=== Begin Enclosure ===

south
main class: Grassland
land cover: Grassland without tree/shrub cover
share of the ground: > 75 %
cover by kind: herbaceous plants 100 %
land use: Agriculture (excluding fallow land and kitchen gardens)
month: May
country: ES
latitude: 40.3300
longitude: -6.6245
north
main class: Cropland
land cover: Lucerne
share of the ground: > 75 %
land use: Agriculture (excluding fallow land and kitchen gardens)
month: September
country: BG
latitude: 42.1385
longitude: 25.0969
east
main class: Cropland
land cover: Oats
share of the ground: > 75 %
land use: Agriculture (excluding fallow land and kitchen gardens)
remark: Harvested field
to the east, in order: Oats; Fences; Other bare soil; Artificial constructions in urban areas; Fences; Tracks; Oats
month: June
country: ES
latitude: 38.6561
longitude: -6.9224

=== End Enclosure ===

Transcribe the material above in its entirety. Match it exactly.

Problem solution:
south
main class: Grassland
land cover: Grassland without tree/shrub cover
share of the ground: > 75 %
cover by kind: herbaceous plants 100 %
land use: Agriculture (excluding fallow land and kitchen gardens)
month: May
country: ES
latitude: 40.3300
longitude: -6.6245
north
main class: Cropland
land cover: Lucerne
share of the ground: > 75 %
land use: Agriculture (excluding fallow land and kitchen gardens)
month: September
country: BG
latitude: 42.1385
longitude: 25.0969
east
main class: Cropland
land cover: Oats
share of the ground: > 75 %
land use: Agriculture (excluding fallow land and kitchen gardens)
remark: Harvested field
to the east, in order: Oats; Fences; Other bare soil; Artificial constructions in urban areas; Fences; Tracks; Oats
month: June
country: ES
latitude: 38.6561
longitude: -6.9224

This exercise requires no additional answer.